#### DATA SHOWN

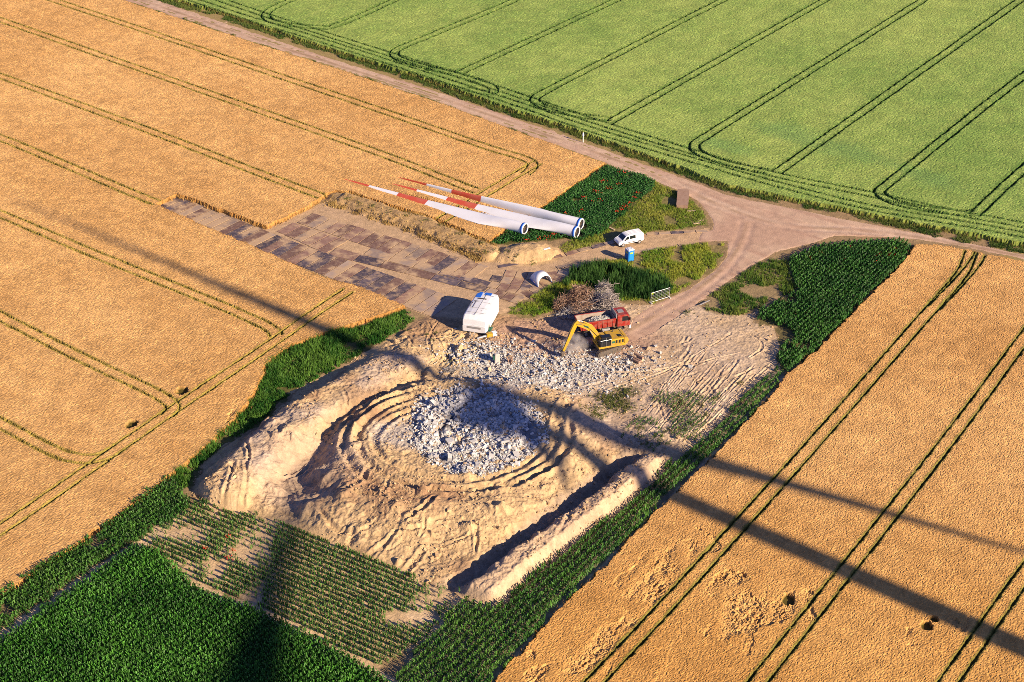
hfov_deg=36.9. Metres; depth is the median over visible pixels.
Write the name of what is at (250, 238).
steel plate
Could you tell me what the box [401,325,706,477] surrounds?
rubble
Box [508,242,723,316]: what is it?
rough grass
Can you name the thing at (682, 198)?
timber box
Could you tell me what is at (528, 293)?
steel plate
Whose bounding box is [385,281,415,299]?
steel plate
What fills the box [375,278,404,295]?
steel plate
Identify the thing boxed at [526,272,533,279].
steel plate
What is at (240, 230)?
steel plate
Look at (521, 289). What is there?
steel plate
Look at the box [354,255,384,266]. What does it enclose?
steel plate
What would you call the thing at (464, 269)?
steel plate
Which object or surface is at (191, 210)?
steel plate
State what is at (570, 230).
rotor blade
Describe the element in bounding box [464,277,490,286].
steel plate
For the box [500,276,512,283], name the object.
steel plate
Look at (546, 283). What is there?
steel plate
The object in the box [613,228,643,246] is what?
delivery van
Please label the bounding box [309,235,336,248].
steel plate
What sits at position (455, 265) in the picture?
steel plate
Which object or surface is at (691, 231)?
steel plate
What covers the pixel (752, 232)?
dirt road
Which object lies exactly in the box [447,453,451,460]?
concrete chunk
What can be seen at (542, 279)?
steel plate
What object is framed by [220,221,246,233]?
steel plate
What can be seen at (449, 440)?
concrete chunk
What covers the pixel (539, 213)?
rotor blade
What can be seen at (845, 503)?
ripe wheat field
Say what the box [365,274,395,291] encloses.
steel plate
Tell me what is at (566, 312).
brushwood pile
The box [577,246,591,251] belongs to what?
steel plate
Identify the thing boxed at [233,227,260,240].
steel plate
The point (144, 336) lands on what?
ripe wheat field
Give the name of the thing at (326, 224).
steel plate
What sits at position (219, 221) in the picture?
steel plate
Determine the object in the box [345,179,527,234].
rotor blade
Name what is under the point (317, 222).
steel plate
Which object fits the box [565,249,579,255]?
steel plate
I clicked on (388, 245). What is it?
steel plate
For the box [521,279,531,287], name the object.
steel plate
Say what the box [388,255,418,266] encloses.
steel plate
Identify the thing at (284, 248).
steel plate
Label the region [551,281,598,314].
brushwood pile
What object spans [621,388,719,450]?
maize sprouts
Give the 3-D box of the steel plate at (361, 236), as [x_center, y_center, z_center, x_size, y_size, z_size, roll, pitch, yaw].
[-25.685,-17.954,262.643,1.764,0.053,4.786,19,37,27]
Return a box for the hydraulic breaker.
[477,330,496,338]
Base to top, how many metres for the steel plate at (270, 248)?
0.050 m
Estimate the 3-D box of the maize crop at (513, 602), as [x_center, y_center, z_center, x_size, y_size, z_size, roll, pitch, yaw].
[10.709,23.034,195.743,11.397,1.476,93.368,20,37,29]
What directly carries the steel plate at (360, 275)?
on the ground at (292, 470)
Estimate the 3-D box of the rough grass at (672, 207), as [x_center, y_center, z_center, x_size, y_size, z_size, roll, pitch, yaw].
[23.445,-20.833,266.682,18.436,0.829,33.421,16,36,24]
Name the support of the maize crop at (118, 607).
on the ground at (292, 470)
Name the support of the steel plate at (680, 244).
on the ground at (292, 470)
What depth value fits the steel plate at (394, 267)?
253.33 m
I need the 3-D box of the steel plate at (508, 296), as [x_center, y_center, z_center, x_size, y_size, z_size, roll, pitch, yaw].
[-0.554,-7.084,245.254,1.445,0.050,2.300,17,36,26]
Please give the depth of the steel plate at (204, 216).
268.82 m
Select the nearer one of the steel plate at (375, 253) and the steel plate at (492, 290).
the steel plate at (492, 290)
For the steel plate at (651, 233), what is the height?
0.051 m
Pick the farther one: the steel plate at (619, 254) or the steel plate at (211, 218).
the steel plate at (211, 218)
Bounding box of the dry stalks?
[323,191,506,262]
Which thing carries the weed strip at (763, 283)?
on the ground at (292, 470)
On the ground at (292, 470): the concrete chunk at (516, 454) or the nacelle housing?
the nacelle housing
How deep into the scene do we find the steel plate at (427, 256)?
256.50 m
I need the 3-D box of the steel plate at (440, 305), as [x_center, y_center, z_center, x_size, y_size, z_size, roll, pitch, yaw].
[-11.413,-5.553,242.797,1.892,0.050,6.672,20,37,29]
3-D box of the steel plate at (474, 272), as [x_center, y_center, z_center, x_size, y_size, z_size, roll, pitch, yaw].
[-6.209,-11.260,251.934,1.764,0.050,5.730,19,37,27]
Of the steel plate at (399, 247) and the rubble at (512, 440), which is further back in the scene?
the steel plate at (399, 247)
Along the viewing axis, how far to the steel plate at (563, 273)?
251.60 m
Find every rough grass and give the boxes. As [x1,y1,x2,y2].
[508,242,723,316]
[559,178,706,252]
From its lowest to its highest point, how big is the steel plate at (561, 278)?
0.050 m
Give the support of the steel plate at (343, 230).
on the ground at (292, 470)
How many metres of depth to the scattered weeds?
219.79 m
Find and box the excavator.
[560,319,628,357]
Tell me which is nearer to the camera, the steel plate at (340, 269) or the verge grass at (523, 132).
the steel plate at (340, 269)
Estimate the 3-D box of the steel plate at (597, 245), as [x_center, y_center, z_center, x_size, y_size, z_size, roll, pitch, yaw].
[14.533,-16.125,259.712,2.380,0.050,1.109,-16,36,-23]
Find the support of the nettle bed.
on the ground at (292, 470)
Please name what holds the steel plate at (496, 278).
on the ground at (292, 470)
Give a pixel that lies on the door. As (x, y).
(630, 255)
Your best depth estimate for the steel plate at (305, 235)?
262.80 m
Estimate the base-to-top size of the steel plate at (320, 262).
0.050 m
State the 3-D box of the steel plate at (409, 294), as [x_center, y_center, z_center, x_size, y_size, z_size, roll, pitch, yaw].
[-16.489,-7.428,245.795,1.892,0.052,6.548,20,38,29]
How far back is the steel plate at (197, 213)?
269.78 m
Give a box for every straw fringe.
[90,32,606,536]
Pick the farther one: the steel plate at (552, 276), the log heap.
the steel plate at (552, 276)
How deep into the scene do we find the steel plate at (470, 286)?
247.96 m
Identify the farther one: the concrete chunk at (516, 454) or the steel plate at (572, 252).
the steel plate at (572, 252)
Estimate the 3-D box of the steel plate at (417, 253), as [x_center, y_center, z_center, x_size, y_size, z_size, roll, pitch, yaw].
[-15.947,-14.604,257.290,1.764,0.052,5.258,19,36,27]
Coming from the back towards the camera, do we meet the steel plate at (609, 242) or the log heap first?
the steel plate at (609, 242)
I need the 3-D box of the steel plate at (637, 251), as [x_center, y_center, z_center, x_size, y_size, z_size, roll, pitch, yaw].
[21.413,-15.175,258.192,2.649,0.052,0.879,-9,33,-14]
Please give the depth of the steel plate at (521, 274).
251.32 m
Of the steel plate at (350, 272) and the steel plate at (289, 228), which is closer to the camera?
the steel plate at (350, 272)
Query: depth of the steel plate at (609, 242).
260.66 m
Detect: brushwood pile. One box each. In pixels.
[550,301,613,318]
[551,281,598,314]
[579,279,621,311]
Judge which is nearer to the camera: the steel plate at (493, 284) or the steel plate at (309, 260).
the steel plate at (493, 284)
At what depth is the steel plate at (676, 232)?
263.74 m
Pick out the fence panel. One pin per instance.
(650, 302)
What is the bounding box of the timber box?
[676,189,688,208]
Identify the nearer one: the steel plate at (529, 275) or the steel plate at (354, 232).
the steel plate at (529, 275)
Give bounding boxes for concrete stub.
[493,352,499,363]
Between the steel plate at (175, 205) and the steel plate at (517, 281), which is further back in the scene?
the steel plate at (175, 205)
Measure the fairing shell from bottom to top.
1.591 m
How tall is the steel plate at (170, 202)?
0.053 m
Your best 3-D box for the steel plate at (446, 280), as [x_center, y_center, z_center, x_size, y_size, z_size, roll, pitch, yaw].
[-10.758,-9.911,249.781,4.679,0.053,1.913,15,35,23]
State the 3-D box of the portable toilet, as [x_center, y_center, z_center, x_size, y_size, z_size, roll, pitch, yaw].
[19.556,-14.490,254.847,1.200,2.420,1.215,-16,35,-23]
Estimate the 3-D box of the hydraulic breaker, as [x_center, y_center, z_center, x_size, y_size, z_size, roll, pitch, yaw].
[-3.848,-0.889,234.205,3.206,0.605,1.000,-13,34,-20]
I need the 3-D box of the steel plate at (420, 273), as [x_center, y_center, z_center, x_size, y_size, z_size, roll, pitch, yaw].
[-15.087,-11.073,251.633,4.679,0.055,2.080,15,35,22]
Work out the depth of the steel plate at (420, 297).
244.71 m
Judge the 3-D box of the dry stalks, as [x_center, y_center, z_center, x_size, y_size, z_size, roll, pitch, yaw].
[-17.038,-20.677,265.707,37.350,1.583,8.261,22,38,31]
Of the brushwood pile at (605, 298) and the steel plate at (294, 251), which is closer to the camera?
the brushwood pile at (605, 298)
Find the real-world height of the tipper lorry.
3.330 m
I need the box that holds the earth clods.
[191,304,778,603]
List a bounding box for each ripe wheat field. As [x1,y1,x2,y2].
[0,0,604,599]
[495,244,1023,681]
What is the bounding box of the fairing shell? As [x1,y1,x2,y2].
[530,270,551,286]
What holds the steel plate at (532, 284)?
on the ground at (292, 470)
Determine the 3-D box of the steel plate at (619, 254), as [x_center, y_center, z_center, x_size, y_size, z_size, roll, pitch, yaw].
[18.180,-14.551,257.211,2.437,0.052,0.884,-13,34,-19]
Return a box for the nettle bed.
[562,256,672,299]
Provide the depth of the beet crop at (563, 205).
273.10 m
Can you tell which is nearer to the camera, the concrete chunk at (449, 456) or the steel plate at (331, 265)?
the concrete chunk at (449, 456)
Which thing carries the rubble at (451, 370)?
on the ground at (292, 470)
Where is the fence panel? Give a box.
[649,287,670,303]
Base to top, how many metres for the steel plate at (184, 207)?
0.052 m
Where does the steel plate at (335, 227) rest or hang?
on the ground at (292, 470)
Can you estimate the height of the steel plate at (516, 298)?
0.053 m
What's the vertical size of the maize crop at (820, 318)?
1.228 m
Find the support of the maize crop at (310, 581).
on the ground at (292, 470)
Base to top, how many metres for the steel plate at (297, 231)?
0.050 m
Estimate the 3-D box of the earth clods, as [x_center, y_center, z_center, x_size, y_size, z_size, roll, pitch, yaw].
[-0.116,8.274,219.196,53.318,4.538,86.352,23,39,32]
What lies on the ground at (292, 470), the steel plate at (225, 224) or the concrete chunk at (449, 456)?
the steel plate at (225, 224)
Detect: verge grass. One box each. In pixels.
[132,2,601,161]
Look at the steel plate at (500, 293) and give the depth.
246.06 m
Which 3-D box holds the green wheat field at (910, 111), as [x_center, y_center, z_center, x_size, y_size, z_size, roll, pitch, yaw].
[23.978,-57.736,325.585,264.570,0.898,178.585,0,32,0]
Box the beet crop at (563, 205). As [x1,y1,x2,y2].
[491,164,654,243]
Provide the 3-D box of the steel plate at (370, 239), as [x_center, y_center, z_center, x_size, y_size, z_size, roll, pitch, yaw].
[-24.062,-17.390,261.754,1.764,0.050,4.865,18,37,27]
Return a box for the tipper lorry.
[574,306,630,337]
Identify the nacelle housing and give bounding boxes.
[463,292,498,334]
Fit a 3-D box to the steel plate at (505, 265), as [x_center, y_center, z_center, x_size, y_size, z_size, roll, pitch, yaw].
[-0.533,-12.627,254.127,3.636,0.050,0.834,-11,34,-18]
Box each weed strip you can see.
[170,309,414,487]
[705,256,794,315]
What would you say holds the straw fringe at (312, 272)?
on the ground at (292, 470)
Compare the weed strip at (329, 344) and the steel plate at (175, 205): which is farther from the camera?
the steel plate at (175, 205)
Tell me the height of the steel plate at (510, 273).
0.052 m
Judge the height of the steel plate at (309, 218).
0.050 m
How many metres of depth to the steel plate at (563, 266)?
253.60 m
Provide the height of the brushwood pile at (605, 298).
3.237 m
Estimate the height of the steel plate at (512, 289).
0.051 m
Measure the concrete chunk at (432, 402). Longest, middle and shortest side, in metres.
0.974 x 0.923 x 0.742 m
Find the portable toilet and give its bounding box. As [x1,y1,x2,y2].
[625,247,633,261]
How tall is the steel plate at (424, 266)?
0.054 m
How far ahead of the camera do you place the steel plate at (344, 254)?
257.10 m
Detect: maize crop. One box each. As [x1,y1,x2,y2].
[0,474,190,630]
[0,542,390,681]
[146,497,459,663]
[395,365,783,681]
[757,236,910,371]
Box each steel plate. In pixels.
[161,197,181,207]
[166,199,190,210]
[171,202,196,213]
[179,204,204,215]
[185,207,211,218]
[192,210,217,222]
[198,212,224,225]
[205,215,232,228]
[212,218,239,230]
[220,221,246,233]
[226,224,253,236]
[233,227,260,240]
[240,229,267,242]
[248,232,275,246]
[255,235,282,248]
[262,238,289,252]
[271,241,298,256]
[277,223,300,234]
[277,244,307,260]
[286,226,309,237]
[287,247,317,263]
[293,229,318,241]
[296,251,327,267]
[297,213,320,224]
[301,232,328,245]
[305,254,336,271]
[306,216,329,227]
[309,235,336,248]
[314,219,337,230]
[314,257,345,274]
[318,238,346,252]
[323,221,346,233]
[324,260,355,278]
[330,248,359,260]
[332,224,355,236]
[334,264,365,281]
[341,227,364,239]
[344,267,375,283]
[349,229,373,242]
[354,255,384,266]
[355,271,384,287]
[358,232,383,245]
[364,248,394,260]
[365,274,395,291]
[367,235,392,248]
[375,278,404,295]
[377,238,401,251]
[379,261,409,272]
[385,241,410,253]
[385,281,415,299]
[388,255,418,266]
[393,285,425,303]
[394,243,420,257]
[403,288,436,308]
[404,246,429,260]
[405,268,434,279]
[412,292,446,312]
[413,262,439,273]
[416,249,438,262]
[423,295,456,316]
[426,252,448,265]
[431,274,460,285]
[432,255,457,270]
[438,269,464,280]
[441,258,467,273]
[451,261,477,277]
[457,281,486,291]
[462,264,487,280]
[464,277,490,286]
[485,288,497,293]
[487,281,499,288]
[490,275,502,281]
[495,290,506,297]
[497,283,509,290]
[498,263,517,267]
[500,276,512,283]
[501,292,515,300]
[504,270,515,276]
[506,285,519,292]
[509,295,524,303]
[510,278,523,285]
[515,271,527,278]
[515,287,528,295]
[520,290,537,299]
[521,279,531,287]
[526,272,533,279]
[529,281,543,289]
[529,287,544,295]
[539,279,552,287]
[540,276,549,281]
[547,271,559,279]
[552,270,568,282]
[556,263,570,268]
[557,270,568,276]
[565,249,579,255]
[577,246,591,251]
[590,243,605,248]
[603,240,614,244]
[613,252,624,256]
[634,248,646,252]
[646,232,657,234]
[671,231,682,233]
[678,242,693,245]
[683,230,695,232]
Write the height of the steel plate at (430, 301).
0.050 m
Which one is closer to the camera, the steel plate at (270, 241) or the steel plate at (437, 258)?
the steel plate at (437, 258)
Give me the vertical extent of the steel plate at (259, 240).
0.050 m
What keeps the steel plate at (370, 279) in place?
on the ground at (292, 470)
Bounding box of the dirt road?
[126,0,1023,342]
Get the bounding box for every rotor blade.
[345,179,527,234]
[393,184,579,236]
[396,176,583,228]
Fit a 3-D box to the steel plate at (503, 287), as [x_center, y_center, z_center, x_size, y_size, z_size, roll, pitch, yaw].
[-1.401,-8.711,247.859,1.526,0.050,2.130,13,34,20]
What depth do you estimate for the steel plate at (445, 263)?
254.45 m
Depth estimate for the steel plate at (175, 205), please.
272.71 m
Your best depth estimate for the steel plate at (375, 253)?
257.09 m
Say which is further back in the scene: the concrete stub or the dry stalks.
the dry stalks
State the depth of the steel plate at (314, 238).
261.87 m
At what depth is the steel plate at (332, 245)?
259.76 m
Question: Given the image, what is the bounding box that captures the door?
[629,251,633,260]
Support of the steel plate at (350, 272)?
on the ground at (292, 470)
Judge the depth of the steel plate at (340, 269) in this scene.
252.74 m
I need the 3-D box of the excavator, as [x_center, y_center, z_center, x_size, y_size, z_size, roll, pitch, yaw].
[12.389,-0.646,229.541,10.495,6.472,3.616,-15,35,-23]
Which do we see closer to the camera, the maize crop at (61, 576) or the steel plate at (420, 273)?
the maize crop at (61, 576)
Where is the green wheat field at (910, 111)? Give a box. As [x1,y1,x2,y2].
[171,0,1023,245]
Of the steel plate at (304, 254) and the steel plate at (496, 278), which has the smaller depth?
the steel plate at (496, 278)
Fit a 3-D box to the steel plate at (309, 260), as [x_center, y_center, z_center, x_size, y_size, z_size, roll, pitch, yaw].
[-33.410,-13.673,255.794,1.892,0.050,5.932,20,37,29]
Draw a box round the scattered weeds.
[344,197,743,445]
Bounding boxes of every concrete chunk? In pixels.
[429,400,435,405]
[445,437,453,443]
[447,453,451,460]
[512,451,519,457]
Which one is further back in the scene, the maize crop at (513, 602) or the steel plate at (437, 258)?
the steel plate at (437, 258)
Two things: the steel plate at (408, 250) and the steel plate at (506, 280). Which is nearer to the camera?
the steel plate at (506, 280)
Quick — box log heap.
[632,352,643,363]
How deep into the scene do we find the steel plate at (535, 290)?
246.87 m
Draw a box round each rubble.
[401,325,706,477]
[442,361,468,373]
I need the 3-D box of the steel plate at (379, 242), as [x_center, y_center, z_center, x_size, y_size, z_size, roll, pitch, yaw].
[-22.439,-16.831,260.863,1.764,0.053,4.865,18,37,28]
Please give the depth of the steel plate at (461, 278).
250.77 m
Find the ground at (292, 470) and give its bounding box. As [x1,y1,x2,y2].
[0,0,1023,681]

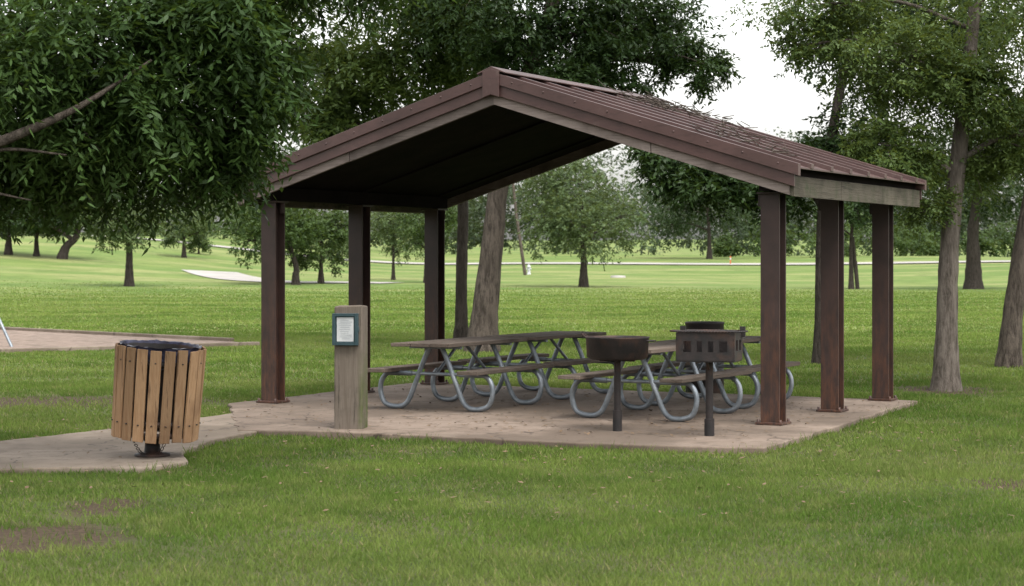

########

### EXERCISE
Using the entries above, repeat only the lines from the one containing "at (184, 207)?" through the one containing "Provide the 3-D", end lines included.

### RESPONSE AREA
Base to top, how many metres for the steel plate at (184, 207)?
0.052 m
Where does the steel plate at (335, 227) rest or hang?
on the ground at (292, 470)
Can you estimate the height of the steel plate at (516, 298)?
0.053 m
What's the vertical size of the maize crop at (820, 318)?
1.228 m
Find the support of the maize crop at (310, 581).
on the ground at (292, 470)
Base to top, how many metres for the steel plate at (297, 231)?
0.050 m
Estimate the 3-D box of the earth clods, as [x_center, y_center, z_center, x_size, y_size, z_size, roll, pitch, yaw].
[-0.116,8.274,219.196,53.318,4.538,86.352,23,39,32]
What lies on the ground at (292, 470), the steel plate at (225, 224) or the concrete chunk at (449, 456)?
the steel plate at (225, 224)
Detect: verge grass. One box each. In pixels.
[132,2,601,161]
Look at the steel plate at (500, 293) and give the depth.
246.06 m
Which 3-D box holds the green wheat field at (910, 111), as [x_center, y_center, z_center, x_size, y_size, z_size, roll, pitch, yaw].
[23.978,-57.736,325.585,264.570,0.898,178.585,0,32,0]
Box the beet crop at (563, 205). As [x1,y1,x2,y2].
[491,164,654,243]
Provide the 3-D box of the steel plate at (370, 239), as [x_center, y_center, z_center, x_size, y_size, z_size, roll, pitch, yaw].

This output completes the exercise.